Il Palazzo Reale di Milano ospita una mostra dedicata alla genesi e allo sviluppo del linguaggio figurativo di Umberto Boccioni, uno dei maggiori esponenti dell’avanguardia italiana del primo Novecento. Con le opere esposte si ripercorre la continua ricerca di nuovi registri tematici ed espressivi portata avanti dall’artista attraverso il continuo dialogo con altri autori, contemporanei e non, con cui si è confrontato durante tutto l’arco della sua vita.

Il lavoro di Boccioni si svela nella sua interezza come un vero e proprio viaggio tra l’oggi e il domani. Dipinti, statue e disegni sono scanditi dall’incalzare inarrestabile del tempo.

Come sostenuto nel manifesto tecnico dei pittori futuristi, sottoscritto dall’artista, il mondo è in continuo divenire poiché “tutto volge rapido”.

Così come gli istanti, che si susseguono inflessibili, anche la contemporaneità è mutevole e, pur legata al passato, si protende verso un futuro certo di progresso e vittoria. La sua stessa arte si trasforma, lasciando le forme espressive tradizionali per la ricerca di una spazialità in cui le forme interagiscono con l’ambiente circostante, intersecano luce e spazio, e in cui anche il tempo diventa materia.

Paesaggi e ritratti assumono così nuove forme, dando corpo sulla tela al futuro.

opere umberto boccioni
Le forze di una strada (1911)

Opere Umberto Boccioni: da ieri a oggi

Sono le vedute paesaggistiche ad aprire una prima finestra sulla dimensione passata attraverso il lussureggiare della Campagna romana (1903) ancora incolta e selvatica. Il suo è un vivere denso, come il colore sulla tela. Foglie e fiori si fondono insieme in un mare di colori giustapposti ad esaltare la luminosità della scena. I fusti degli alberi svettano verso il cielo, dando aria al paesaggio che si sviluppa nell’orizzonte.

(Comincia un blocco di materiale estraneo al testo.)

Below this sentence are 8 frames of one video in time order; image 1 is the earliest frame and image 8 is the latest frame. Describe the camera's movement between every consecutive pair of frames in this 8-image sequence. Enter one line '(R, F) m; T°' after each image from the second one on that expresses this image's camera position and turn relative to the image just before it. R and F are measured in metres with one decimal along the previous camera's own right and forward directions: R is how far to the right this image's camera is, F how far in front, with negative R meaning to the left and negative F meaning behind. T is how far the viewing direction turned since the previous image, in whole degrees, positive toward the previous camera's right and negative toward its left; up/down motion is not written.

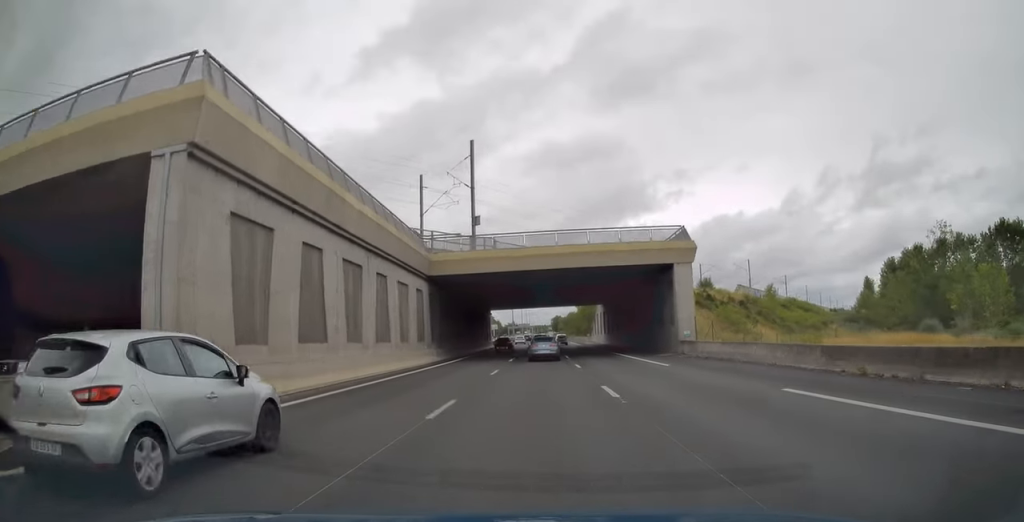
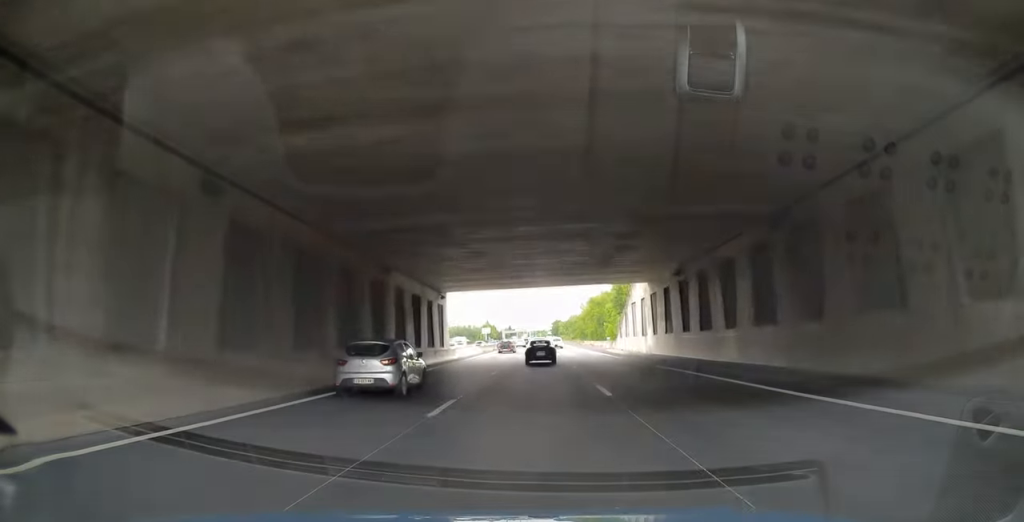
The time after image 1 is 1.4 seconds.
(0.0, +38.8) m; 0°
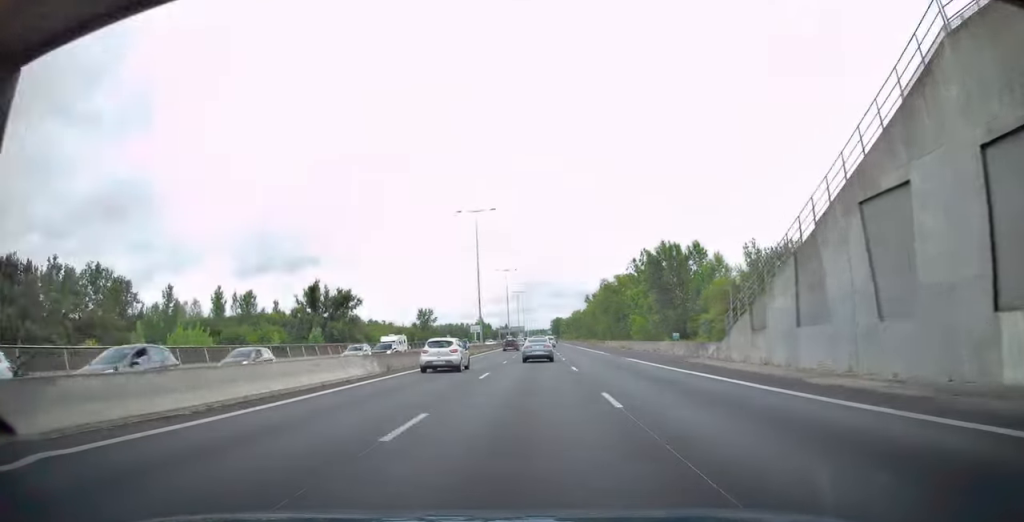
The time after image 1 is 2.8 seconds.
(-0.3, +41.9) m; 0°
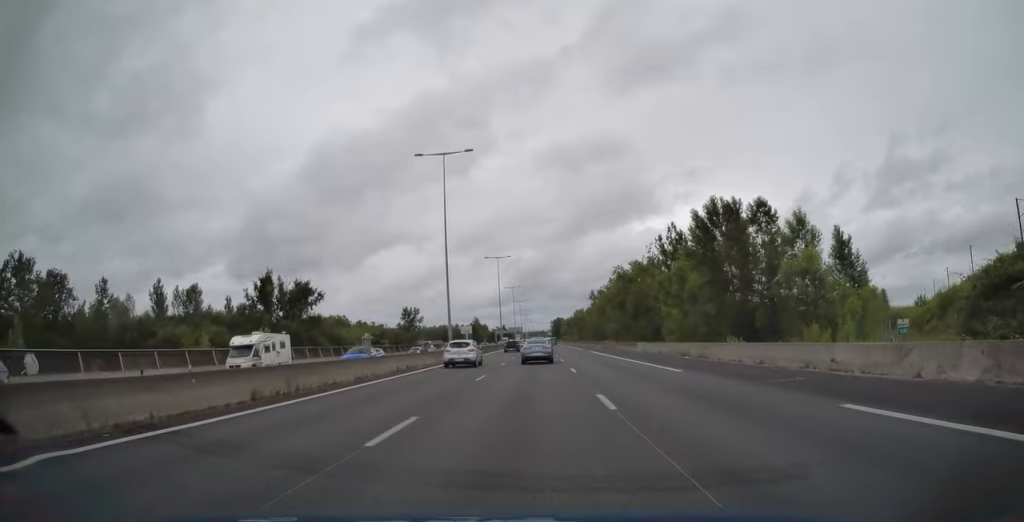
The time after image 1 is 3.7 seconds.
(0.0, +26.3) m; 0°
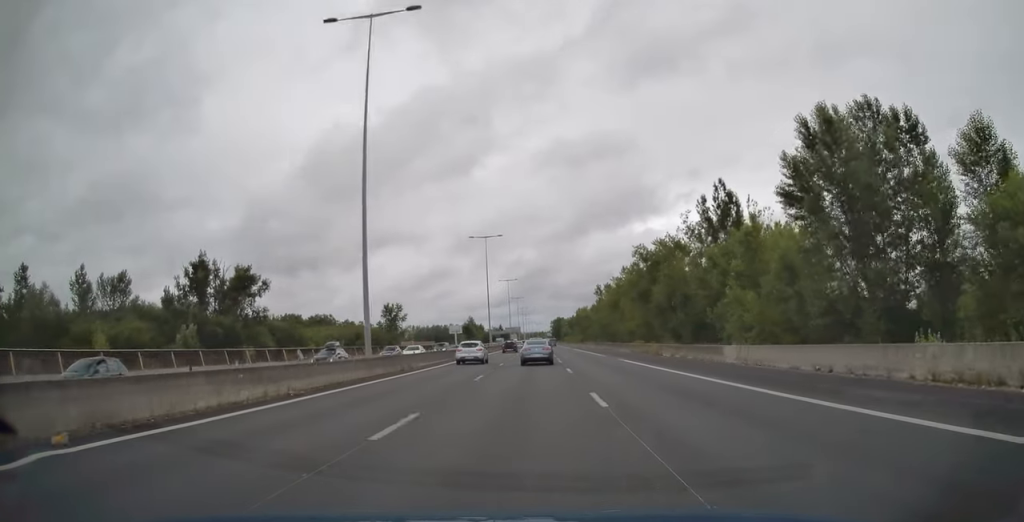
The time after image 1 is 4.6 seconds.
(0.0, +25.5) m; 0°
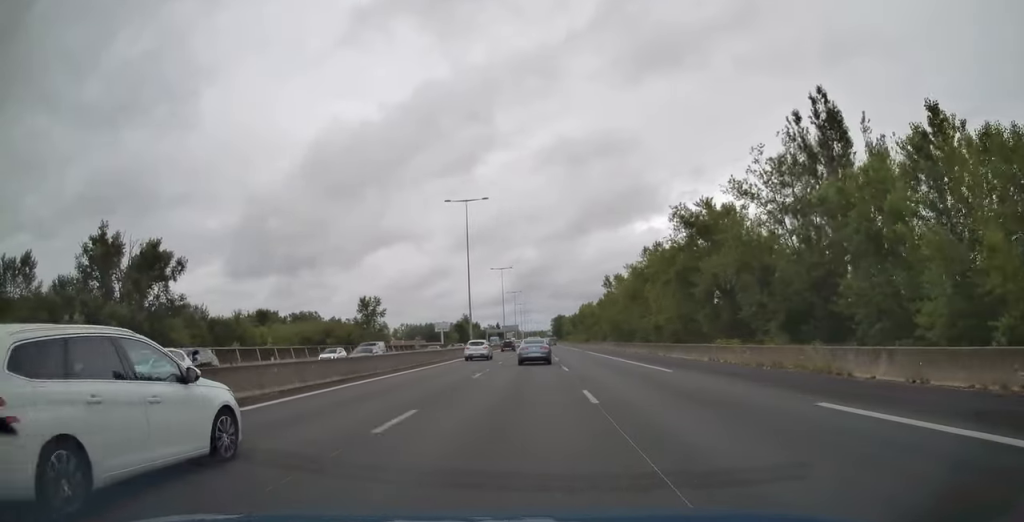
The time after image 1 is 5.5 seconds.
(0.0, +25.7) m; 0°
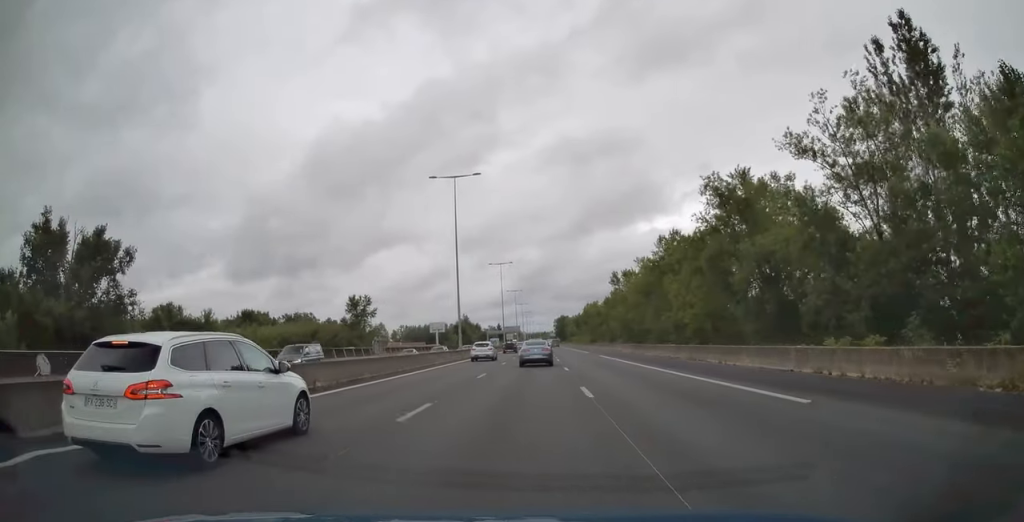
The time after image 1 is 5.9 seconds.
(+0.1, +11.7) m; 0°
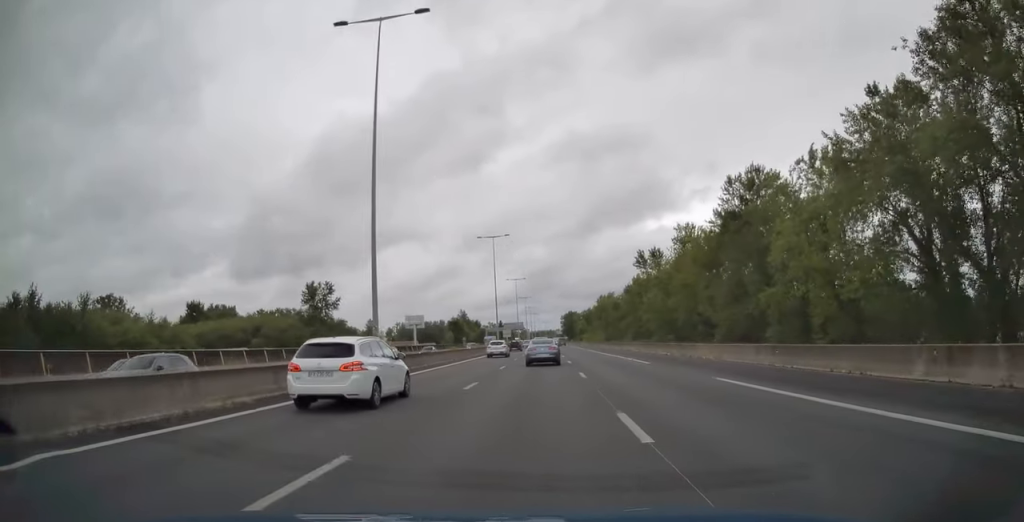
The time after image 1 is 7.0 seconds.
(0.0, +32.9) m; 0°

Al disordine vitale delle campagne romane si contrappone l’ordine dei filari e della terra arata di quelle lombarde (1908), natura quest’ultima che sembra programmata per dare i suoi frutti all’uomo. In essa si presagiscono già i segni di un progresso che a breve strapperà alla terra lo spazio vitale per il suo divenire.

L’oggi è già domani.

Il presente nelle opere di Boccioni si popola di contraddizioni e compromessi con la convivenza tra vecchio e nuovo. Palazzi e fabbriche costeggiano i campi, lanciando su di essi le proprie ombre di modernità. L’artista traccia scene in cui le vedute urbane si fondono con quelle paesaggistiche, dividendosi lo spazio della tela come nella realtà.

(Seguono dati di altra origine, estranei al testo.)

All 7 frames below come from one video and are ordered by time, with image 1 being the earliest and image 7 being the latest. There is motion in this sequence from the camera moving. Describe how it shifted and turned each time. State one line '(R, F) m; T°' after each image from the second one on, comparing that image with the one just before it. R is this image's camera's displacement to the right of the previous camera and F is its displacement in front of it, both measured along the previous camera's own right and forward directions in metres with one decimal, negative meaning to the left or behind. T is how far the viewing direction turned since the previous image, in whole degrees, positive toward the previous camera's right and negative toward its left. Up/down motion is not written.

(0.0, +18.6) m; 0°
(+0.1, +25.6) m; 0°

E se l’oggi è ancora sul primo piano delle opere, in cui il passo delle figure è ritmato dall’incedere flemmatico dei buoi, il futuro ne occupa già l’orizzonte che si delinea con gli sbuffi interminabili delle ciminiere industriali. (Il Mattino, 1909; Officine di Porta Romana, 1910).

opere umberto boccioni
Officine di Porta Romana (1910)

“Tutto si muove, tutto corre, tutto volge rapido”.

Non basta più il profilo delle ciminiere a raccontare il futuro. Il domani si materializza sulle tele di Boccioni sotto forma di paesaggi urbani pullulanti di auto e luci artificiali, di figure umane e animali riprese da più angolazioni, smembrate e ricomposte nella loro continua relazione con lo spazio.

La staticità è abolita ed il tempo diventa un nuovo mezzo di rappresentazione del movimento. Correndo veloce, agitato, questo infatti deforma i corpi che vengono così raffigurati nel susseguirsi di stadi diversi fino a restituire l’idea dello spostamento. La luce viene anch’essa plasmata come materia, diventando tangibile, si trasforma in piani e linee che si scontrano con le altre forme.

Il tempo veloce sfreccia come le ruote dell’automobile ne La città che sale (1910), o segue lo sforzo umano sulle due ruote nel Dinamismo di un ciclista (1913). Macchina e uomo si fondono insieme a rincorrere la rapidità del divenire, fanno del proprio moto pura energia.

opere umberto boccioni
Dinamismo di un ciclista (1913)

Vigore e forza diventano corporei tanto quanto il susseguirsi degli attimi che sulla tela assume l’aspetto di piani che si tagliano ed intersecano all’infinito.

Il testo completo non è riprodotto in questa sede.